5011: Add replication argument to CollectionWriter.
authorTom Clegg <tom@curoverse.com>
Fri, 30 Jan 2015 17:36:43 +0000 (12:36 -0500)
committerTom Clegg <tom@curoverse.com>
Fri, 30 Jan 2015 22:12:28 +0000 (17:12 -0500)
sdk/python/arvados/collection.py
sdk/python/arvados/keep.py
sdk/python/tests/test_collections.py

index d530f58b03e70f2983280bf673c937df0653669f..45ed093e2f82144bfc457850648aa11f0d4c3b92 100644 (file)
@@ -304,7 +304,7 @@ class _WriterFile(ArvadosFileBase):
 class CollectionWriter(CollectionBase):
     KEEP_BLOCK_SIZE = 2**26
 
-    def __init__(self, api_client=None, num_retries=0):
+    def __init__(self, api_client=None, num_retries=0, replication=0):
         """Instantiate a CollectionWriter.
 
         CollectionWriter lets you build a new Arvados Collection from scratch.
@@ -320,9 +320,13 @@ class CollectionWriter(CollectionBase):
           service requests.  Default 0.  You may change this value
           after instantiation, but note those changes may not
           propagate to related objects like the Keep client.
+        * replication: The number of copies of each block to store.
+          If this argument is 0 or not supplied, replication is
+          the server-provided default if available, otherwise 2.
         """
         self._api_client = api_client
         self.num_retries = num_retries
+        self.replication = (replication if replication>0 else 2)
         self._keep_client = None
         self._data_buffer = []
         self._data_buffer_len = 0
@@ -477,7 +481,9 @@ class CollectionWriter(CollectionBase):
         data_buffer = ''.join(self._data_buffer)
         if data_buffer:
             self._current_stream_locators.append(
-                self._my_keep().put(data_buffer[0:self.KEEP_BLOCK_SIZE]))
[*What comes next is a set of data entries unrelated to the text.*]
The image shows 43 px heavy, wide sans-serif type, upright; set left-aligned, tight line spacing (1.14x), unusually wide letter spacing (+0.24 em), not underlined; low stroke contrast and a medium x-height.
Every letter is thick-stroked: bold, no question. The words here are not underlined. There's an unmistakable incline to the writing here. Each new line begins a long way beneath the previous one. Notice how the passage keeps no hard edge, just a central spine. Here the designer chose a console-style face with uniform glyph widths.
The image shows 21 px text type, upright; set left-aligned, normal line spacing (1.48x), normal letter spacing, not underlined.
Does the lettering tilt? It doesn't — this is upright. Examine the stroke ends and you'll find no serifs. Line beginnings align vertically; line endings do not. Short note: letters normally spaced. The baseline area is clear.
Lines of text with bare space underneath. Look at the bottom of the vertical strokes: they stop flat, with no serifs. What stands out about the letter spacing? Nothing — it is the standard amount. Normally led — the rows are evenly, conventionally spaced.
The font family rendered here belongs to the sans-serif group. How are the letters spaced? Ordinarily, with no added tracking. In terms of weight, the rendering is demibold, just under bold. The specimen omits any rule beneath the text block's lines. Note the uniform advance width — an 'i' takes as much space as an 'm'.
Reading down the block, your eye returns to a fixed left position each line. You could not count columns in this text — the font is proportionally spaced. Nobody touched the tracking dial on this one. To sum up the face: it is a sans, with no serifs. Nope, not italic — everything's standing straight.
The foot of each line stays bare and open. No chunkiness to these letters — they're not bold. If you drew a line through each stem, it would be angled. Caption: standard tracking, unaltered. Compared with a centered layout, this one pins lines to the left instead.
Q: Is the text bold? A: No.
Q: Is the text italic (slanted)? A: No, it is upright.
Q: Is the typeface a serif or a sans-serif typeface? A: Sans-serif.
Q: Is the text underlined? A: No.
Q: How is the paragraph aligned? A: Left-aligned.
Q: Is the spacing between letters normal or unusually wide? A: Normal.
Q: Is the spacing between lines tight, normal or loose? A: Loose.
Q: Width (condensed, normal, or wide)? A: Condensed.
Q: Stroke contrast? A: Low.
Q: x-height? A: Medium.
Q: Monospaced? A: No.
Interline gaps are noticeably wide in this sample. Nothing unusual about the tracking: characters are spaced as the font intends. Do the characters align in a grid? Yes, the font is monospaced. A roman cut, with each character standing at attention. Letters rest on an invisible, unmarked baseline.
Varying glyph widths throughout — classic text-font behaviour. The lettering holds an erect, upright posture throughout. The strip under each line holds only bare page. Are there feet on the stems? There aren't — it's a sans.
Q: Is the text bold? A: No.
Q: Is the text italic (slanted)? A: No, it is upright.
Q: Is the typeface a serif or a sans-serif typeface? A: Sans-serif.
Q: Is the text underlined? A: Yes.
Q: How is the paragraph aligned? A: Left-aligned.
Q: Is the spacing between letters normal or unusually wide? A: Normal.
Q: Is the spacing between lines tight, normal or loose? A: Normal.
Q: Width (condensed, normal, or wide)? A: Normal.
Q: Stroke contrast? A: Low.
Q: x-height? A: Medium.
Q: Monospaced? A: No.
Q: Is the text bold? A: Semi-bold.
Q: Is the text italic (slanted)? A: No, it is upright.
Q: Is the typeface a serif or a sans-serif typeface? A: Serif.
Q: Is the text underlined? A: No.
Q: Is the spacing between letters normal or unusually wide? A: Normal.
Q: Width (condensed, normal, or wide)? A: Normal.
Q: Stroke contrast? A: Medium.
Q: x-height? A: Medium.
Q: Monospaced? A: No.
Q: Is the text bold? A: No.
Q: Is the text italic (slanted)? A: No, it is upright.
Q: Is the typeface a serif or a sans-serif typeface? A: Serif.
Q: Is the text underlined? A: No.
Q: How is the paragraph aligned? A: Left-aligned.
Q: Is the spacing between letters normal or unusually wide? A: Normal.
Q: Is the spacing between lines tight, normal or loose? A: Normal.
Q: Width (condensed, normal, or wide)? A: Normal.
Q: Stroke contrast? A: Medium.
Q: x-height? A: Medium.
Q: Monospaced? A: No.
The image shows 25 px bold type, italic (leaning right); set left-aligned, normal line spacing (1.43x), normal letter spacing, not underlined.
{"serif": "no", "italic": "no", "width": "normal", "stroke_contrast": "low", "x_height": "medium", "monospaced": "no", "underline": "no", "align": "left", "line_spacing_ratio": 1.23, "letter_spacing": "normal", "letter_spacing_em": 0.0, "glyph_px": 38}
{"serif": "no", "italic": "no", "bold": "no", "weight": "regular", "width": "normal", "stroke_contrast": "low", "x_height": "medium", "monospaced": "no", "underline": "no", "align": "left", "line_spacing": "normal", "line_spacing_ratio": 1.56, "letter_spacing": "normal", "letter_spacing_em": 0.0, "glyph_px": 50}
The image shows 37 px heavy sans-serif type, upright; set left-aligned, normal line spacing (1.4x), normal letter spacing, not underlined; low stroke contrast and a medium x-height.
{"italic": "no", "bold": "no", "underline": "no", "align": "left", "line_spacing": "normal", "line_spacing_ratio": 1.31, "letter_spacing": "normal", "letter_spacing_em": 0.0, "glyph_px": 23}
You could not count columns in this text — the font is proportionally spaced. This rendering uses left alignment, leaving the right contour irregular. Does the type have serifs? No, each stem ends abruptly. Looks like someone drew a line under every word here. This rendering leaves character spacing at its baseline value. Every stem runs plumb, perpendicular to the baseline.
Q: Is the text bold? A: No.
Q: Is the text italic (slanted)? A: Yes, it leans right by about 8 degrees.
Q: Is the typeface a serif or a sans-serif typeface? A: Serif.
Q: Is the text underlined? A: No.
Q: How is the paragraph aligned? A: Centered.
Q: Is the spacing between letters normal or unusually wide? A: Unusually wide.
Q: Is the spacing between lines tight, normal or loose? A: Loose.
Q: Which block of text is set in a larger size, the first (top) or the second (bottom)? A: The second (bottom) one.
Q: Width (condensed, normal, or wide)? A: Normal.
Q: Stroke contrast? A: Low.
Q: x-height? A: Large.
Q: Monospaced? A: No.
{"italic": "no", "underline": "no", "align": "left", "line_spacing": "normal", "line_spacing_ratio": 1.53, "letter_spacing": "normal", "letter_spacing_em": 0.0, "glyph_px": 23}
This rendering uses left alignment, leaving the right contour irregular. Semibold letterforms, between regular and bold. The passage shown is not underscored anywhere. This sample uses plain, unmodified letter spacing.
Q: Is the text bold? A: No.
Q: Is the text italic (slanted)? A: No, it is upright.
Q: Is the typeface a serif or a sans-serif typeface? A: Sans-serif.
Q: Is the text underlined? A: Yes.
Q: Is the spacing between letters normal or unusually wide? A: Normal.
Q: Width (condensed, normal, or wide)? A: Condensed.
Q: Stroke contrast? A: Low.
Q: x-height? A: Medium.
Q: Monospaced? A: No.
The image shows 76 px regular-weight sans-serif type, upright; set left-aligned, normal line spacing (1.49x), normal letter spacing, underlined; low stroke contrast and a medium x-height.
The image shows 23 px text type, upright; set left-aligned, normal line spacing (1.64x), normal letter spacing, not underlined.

+                self._my_keep().put(
+                    data_buffer[0:self.KEEP_BLOCK_SIZE],
+                    copies=self.replication))
             self._data_buffer = [data_buffer[self.KEEP_BLOCK_SIZE:]]
             self._data_buffer_len = len(self._data_buffer[0])
 
@@ -552,8 +558,13 @@ class CollectionWriter(CollectionBase):
         self._current_file_name = None
 
     def finish(self):
-        # Store the manifest in Keep and return its locator.
-        return self._my_keep().put(self.manifest_text())
+        # Store the manifest in Keep and return its locator. Beware,
+        # this is only useful in special cases like storing manifest
+        # fragments temporarily in Keep during a Crunch job. In most
+        # cases you should make a collection instead, by sending
+        # manifest_text() to the API server's "create collection"
+        # endpoint.
+        return self._my_keep().put(self.manifest_text(), copies=self.replication)
 
     def portable_data_hash(self):
         stripped = self.stripped_manifest()
@@ -587,10 +598,9 @@ class ResumableCollectionWriter(CollectionWriter):
                    '_data_buffer', '_dependencies', '_finished_streams',
                    '_queued_dirents', '_queued_trees']
 
-    def __init__(self, api_client=None, num_retries=0):
+    def __init__(self, api_client=None, **kwargs):
         self._dependencies = {}
-        super(ResumableCollectionWriter, self).__init__(
-            api_client, num_retries=num_retries)
+        super(ResumableCollectionWriter, self).__init__(api_client, **kwargs)
 
     @classmethod
     def from_state(cls, state, *init_args, **init_kwargs):
index 7c53339650f622260263cbded25e16622cf77189..46987897576edc498ff5417dbc690bc30865e37f 100644 (file)
@@ -739,7 +739,7 @@ class KeepClient(object):
     # Local storage methods need no-op num_retries arguments to keep
     # integration tests happy.  With better isolation they could
     # probably be removed again.
-    def local_store_put(self, data, num_retries=0):
+    def local_store_put(self, data, num_retries=0, copies=1):
         md5 = hashlib.md5(data).hexdigest()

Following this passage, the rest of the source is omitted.